3. Comment les prestations versées aux bénéficiaires doivent-elles être enregistrées ?

En règle générale, les prestations versées aux bénéficiaires doivent constituer une charge de l'exercice en cours, selon la méthode comptable utilisée, en charges d'exploitation ou autres charges d'exploitation. De plus, il est possible de constituer un fonds spécial destiné aux prestations versées aux bénéficiaires, à partir des fonds propres de la fondation familiale, et de l'imputer comptablement, sans tenir compte du résultat financier, à condition que cela ne soit pas contraire à l'objectif comptable principal, à savoir une présentation fiable et transparente du patrimoine, de la situation financière et du résultat financier de la fondation familiale. Les principes de fonctionnement d'un tel fonds (y compris sa création, ses décaissements et son enregistrement) doivent être précisément définis dans la méthode comptable de la fondation.

4. À quelle valeur doivent être comptabilisés les dons en nature reçus du fondateur par une fondation familiale ?

Conformément à l'article 19, section 1, de la Loi sur les fondations familiales, chaque fois que la Loi fait référence à la valeur des biens apportés à une fondation familiale ou aux biens d'une fondation familiale, il s'agit de la valeur marchande des actifs apportés sous une forme autre qu'en espèces, déterminée à la date de l'apport, conformément aux principes énoncés dans la Loi sur l'impôt sur les sociétés. Il est important de noter que la valeur marchande des biens apportés à une fondation familiale, déterminée selon les principes du marché, peut influer sur la proportion utilisée pour déterminer le traitement fiscal des personnes physiques ou l'exonération fiscale potentielle des prestations accordées aux bénéficiaires d'une fondation familiale.

5. Les rapports d’une fondation familiale sont-ils soumis à un audit par un auditeur agréé ?

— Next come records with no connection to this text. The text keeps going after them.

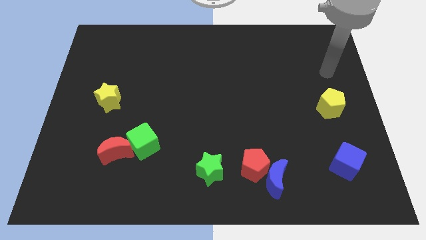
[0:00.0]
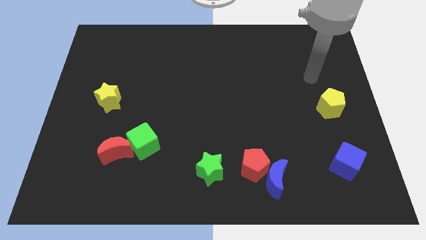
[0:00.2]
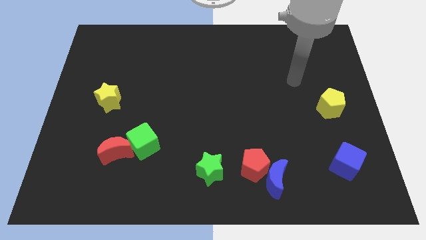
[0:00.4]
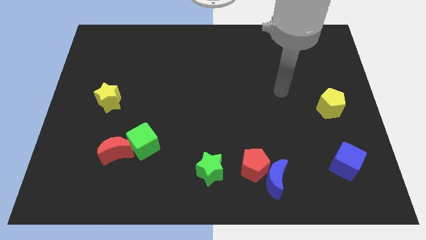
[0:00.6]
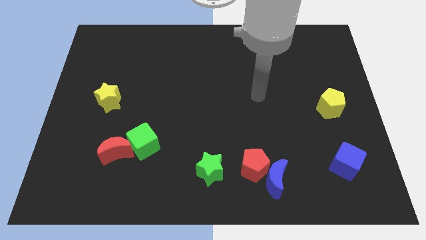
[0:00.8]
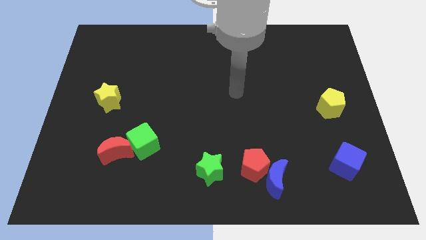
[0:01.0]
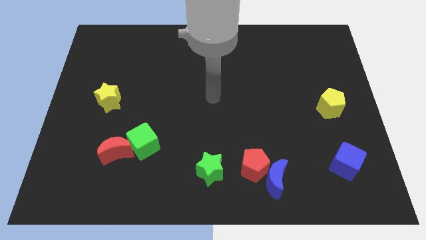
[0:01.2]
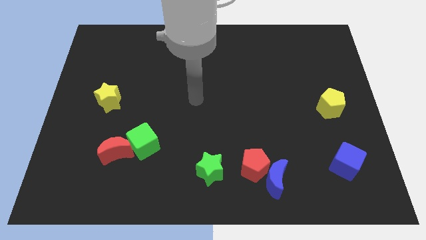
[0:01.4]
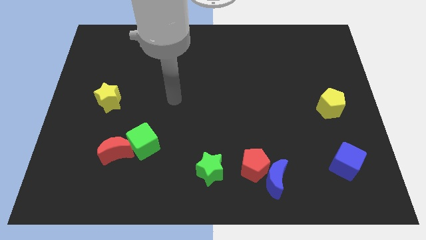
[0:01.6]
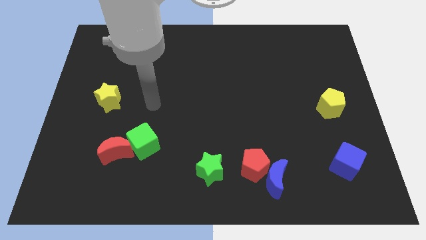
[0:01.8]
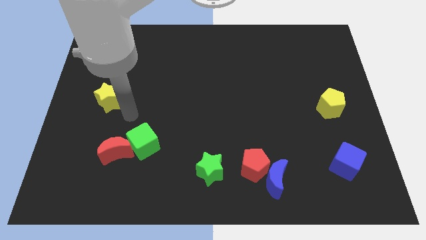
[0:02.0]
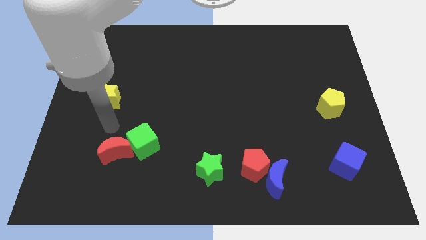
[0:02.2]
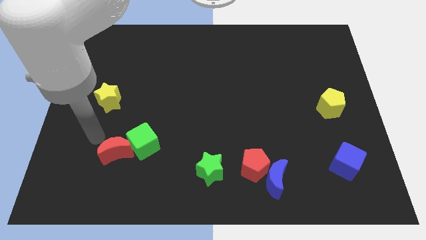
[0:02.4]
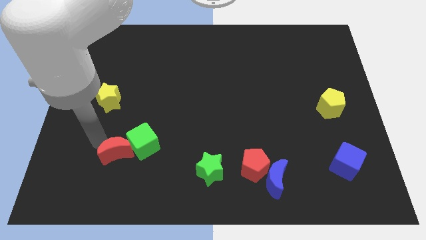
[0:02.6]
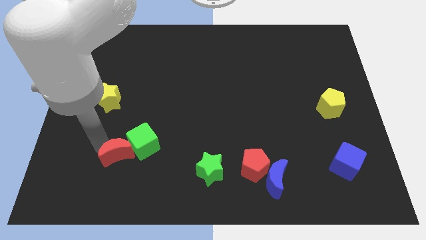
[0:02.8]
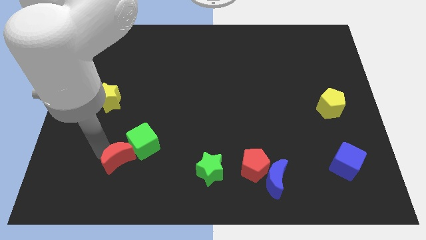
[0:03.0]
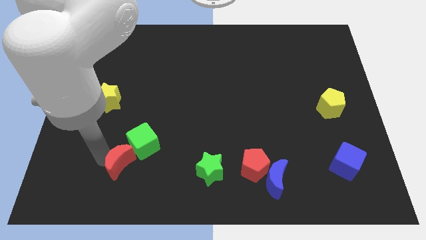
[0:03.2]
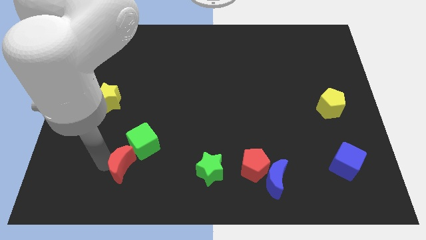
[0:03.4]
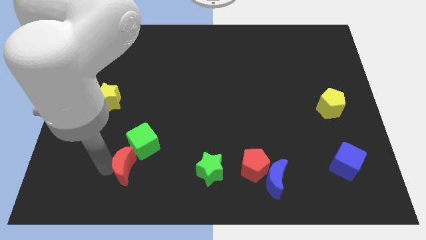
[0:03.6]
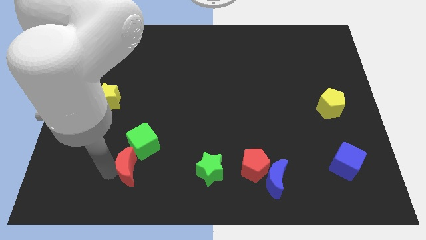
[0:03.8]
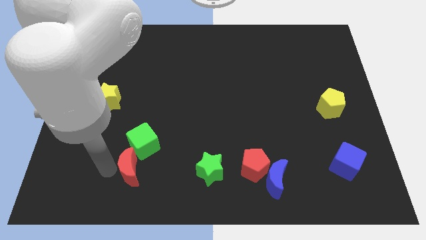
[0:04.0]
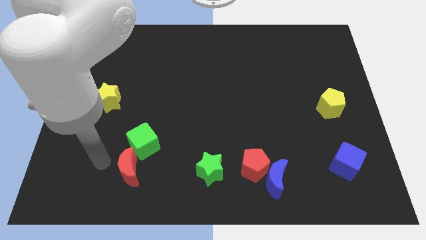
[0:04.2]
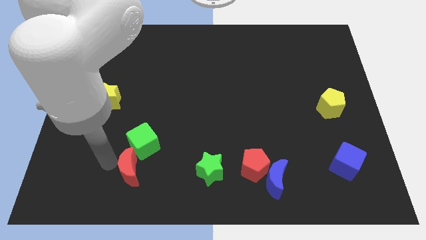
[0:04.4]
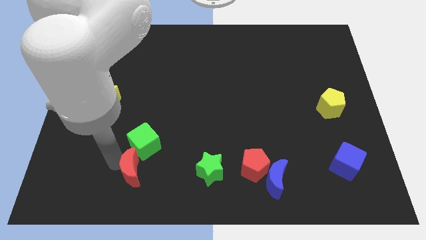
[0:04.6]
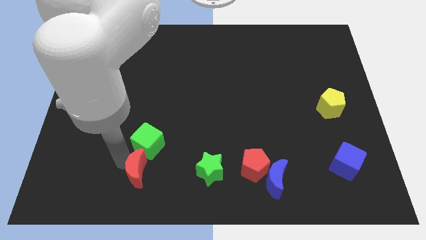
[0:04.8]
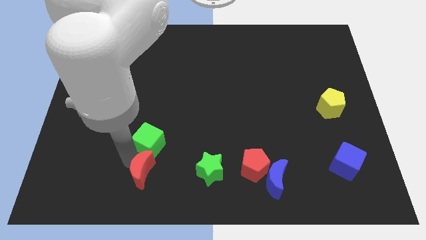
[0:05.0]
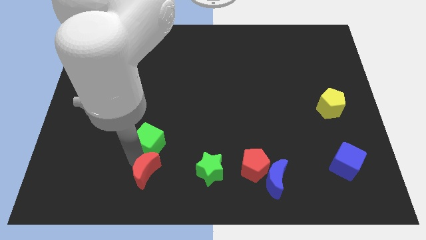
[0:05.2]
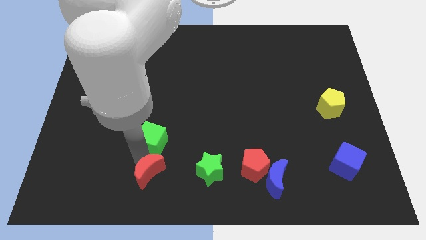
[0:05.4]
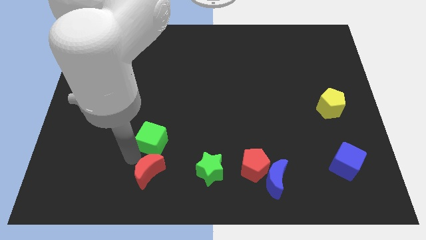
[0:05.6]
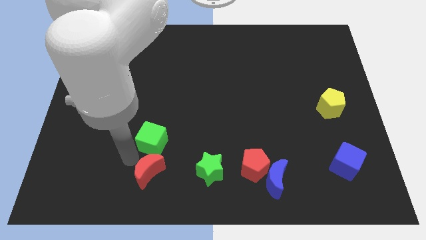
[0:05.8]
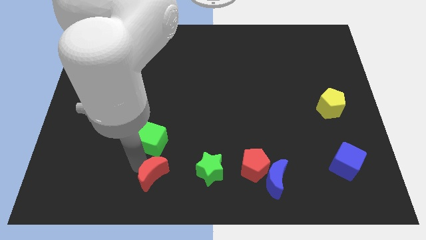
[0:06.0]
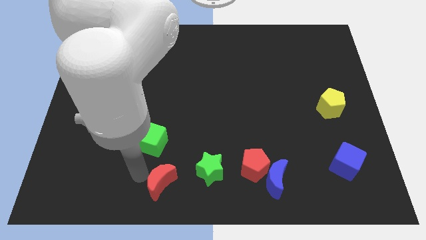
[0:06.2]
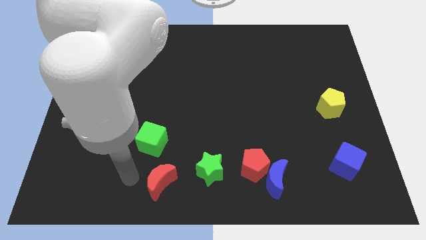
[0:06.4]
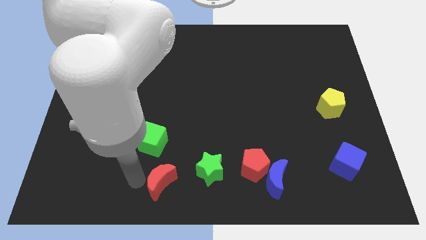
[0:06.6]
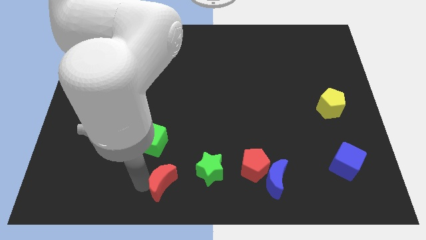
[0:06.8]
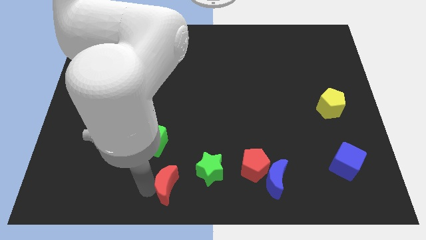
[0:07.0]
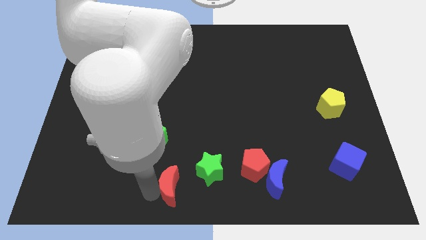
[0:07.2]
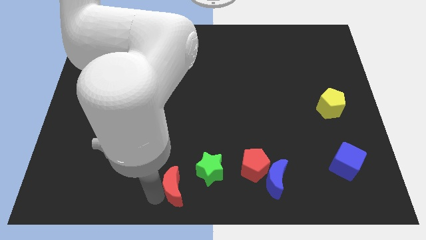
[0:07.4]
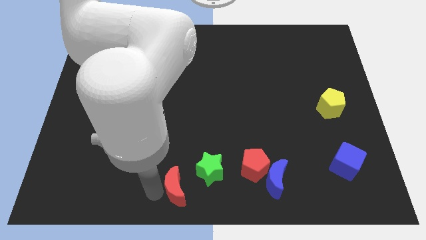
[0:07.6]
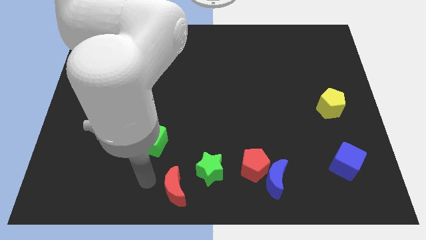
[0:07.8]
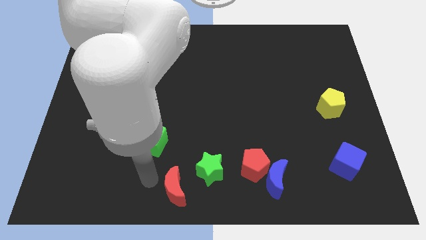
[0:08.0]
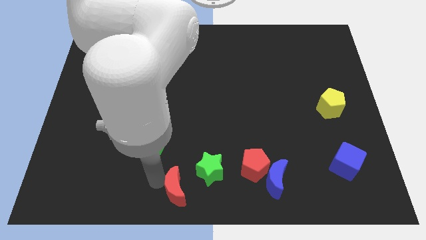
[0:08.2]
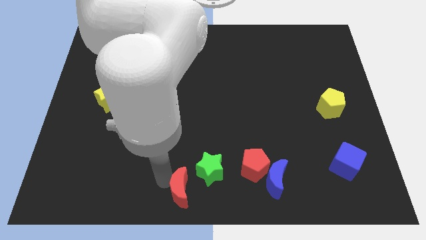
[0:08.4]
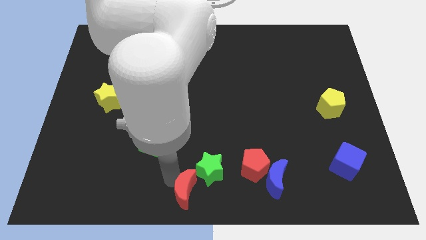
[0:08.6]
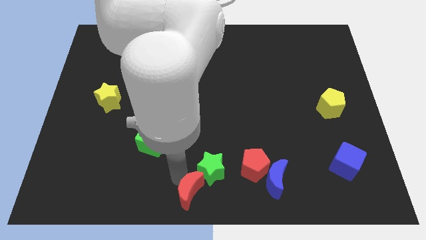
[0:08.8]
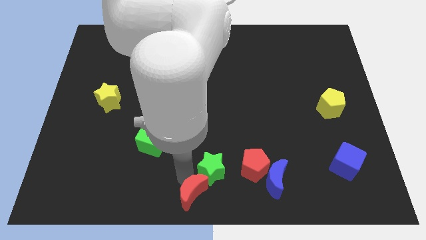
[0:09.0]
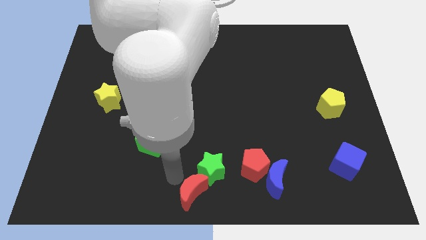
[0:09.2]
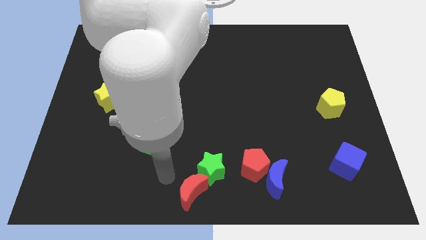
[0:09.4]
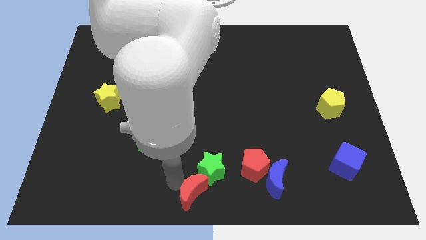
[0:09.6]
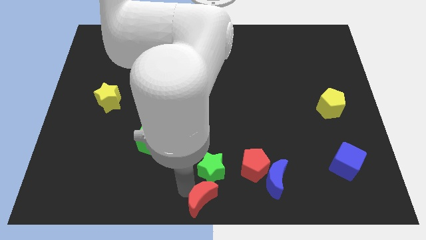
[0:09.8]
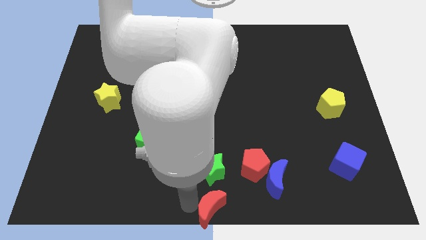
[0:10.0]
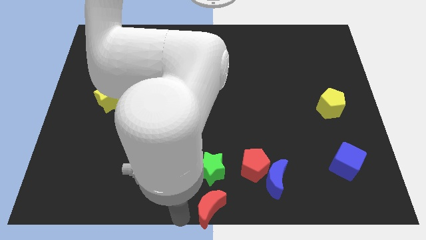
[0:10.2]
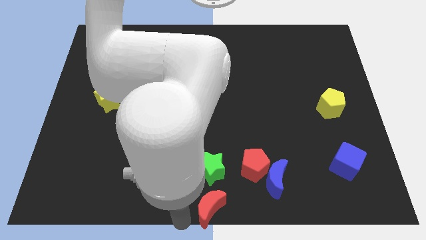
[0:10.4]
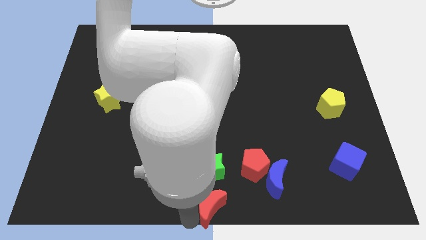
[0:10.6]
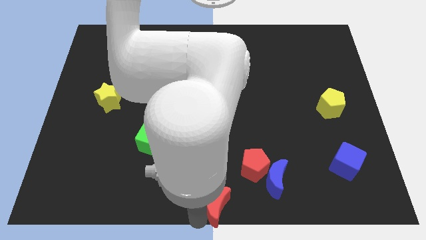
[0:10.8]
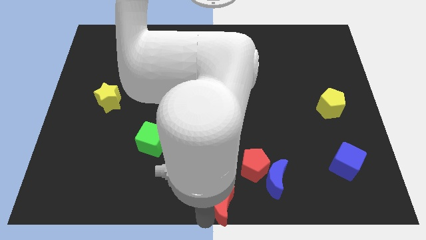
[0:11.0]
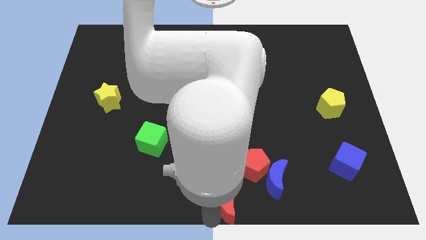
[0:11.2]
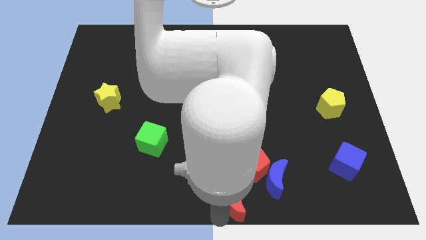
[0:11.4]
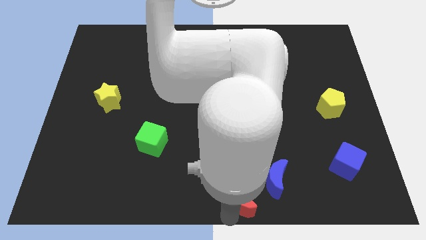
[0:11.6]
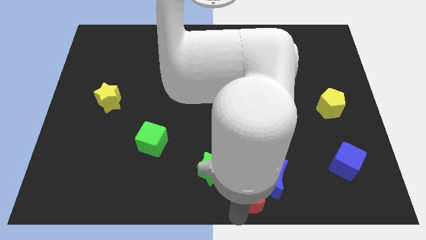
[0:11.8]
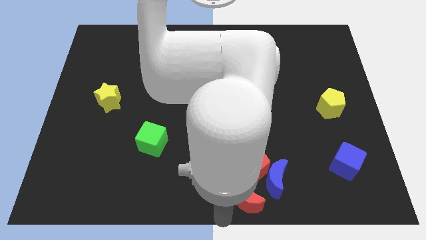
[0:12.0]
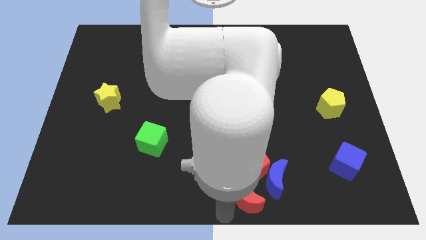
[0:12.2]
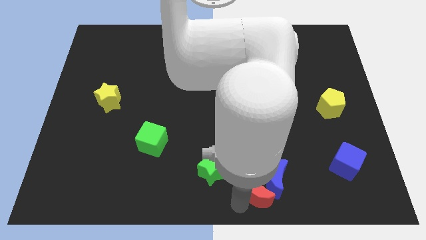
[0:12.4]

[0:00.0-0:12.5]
push the red moon towards the blue moon

Les états financiers d'une fondation familiale sont soumis à un audit par un auditeur agréé si la fondation dépasse les exigences de la Loi sur la comptabilité. Par conséquent, les états financiers d'une fondation familiale seront obligatoirement audités par un auditeur agréé si, au cours de l'exercice précédent pour lequel ils ont été préparés, la fondation a rempli au moins deux des conditions suivantes :
a) l'emploi annuel moyen en équivalents temps plein était d'au moins 50 personnes,
b) le total des actifs du bilan à la fin de l'exercice était équivalent en monnaie polonaise à au moins 2 500 000 EUR,
c) les recettes nettes provenant de la vente de biens et de produits et des opérations financières de l'exercice s'élevaient à l'équivalent en monnaie polonaise d'au moins 5 000 000 EUR.

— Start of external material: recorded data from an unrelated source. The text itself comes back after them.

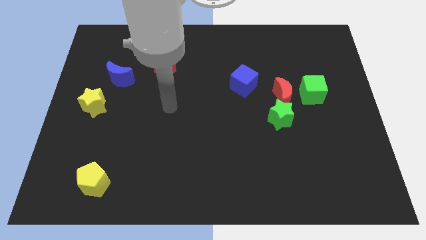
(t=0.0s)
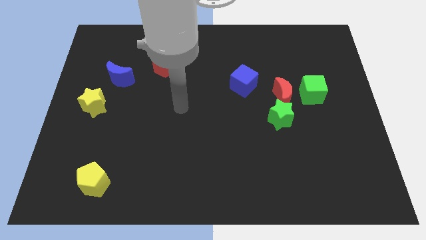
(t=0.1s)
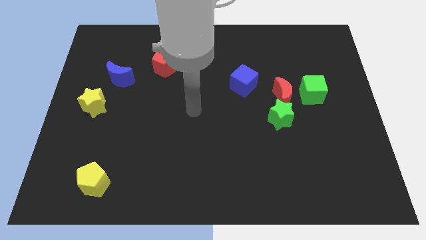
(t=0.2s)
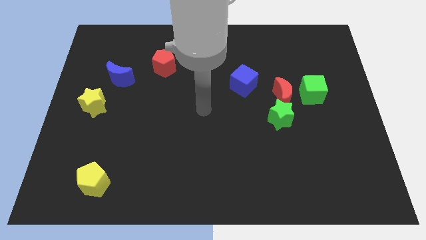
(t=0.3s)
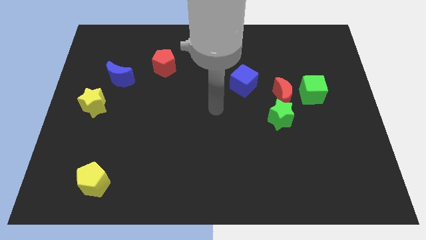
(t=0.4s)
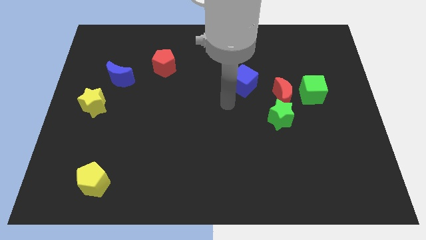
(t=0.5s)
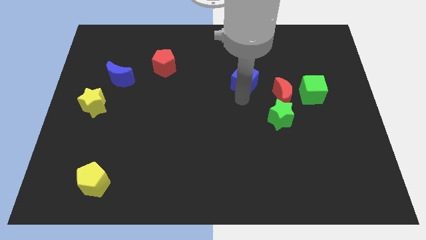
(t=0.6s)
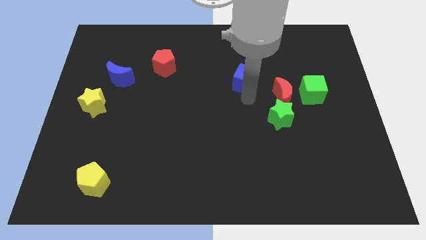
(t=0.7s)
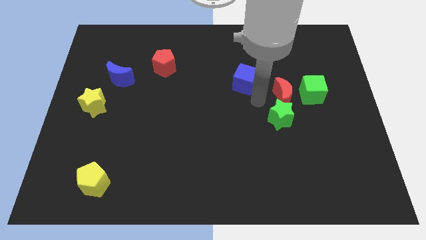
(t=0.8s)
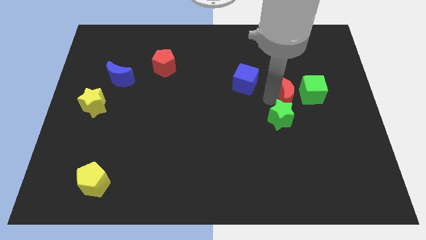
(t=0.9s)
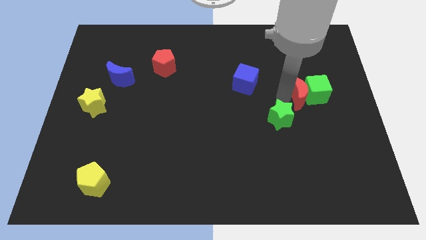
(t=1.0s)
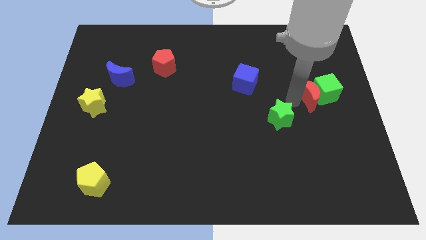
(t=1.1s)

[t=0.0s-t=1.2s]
separate the green star from the red moon

Il est important de noter que le plafond de revenus de 5 000 000 € doit également inclure les transactions financières, en plus du revenu net provenant de la vente de biens et de produits. Ce plafond est particulièrement important pour les fondations qui, dans le cadre de leurs activités commerciales autorisées, telles que définies à l'article 5, section 1, de la loi sur les fondations familiales, perçoivent des revenus provenant, entre autres, des intérêts sur des prêts accordés, ou acquièrent et vendent des titres, des instruments dérivés et des droits similaires. Il est important de noter que si les états financiers d'une fondation familiale sont soumis à un audit obligatoire par un cabinet d'audit, la fondation familiale est également tenue, avant d'approuver les états financiers, de procéder à un audit de la gestion du patrimoine de la fondation, de l'engagement et de l'exécution de ses engagements et de ses obligations publiques, afin d'en vérifier l'exactitude, la fiabilité et la conformité avec la loi, l'objet et les documents de la fondation familiale.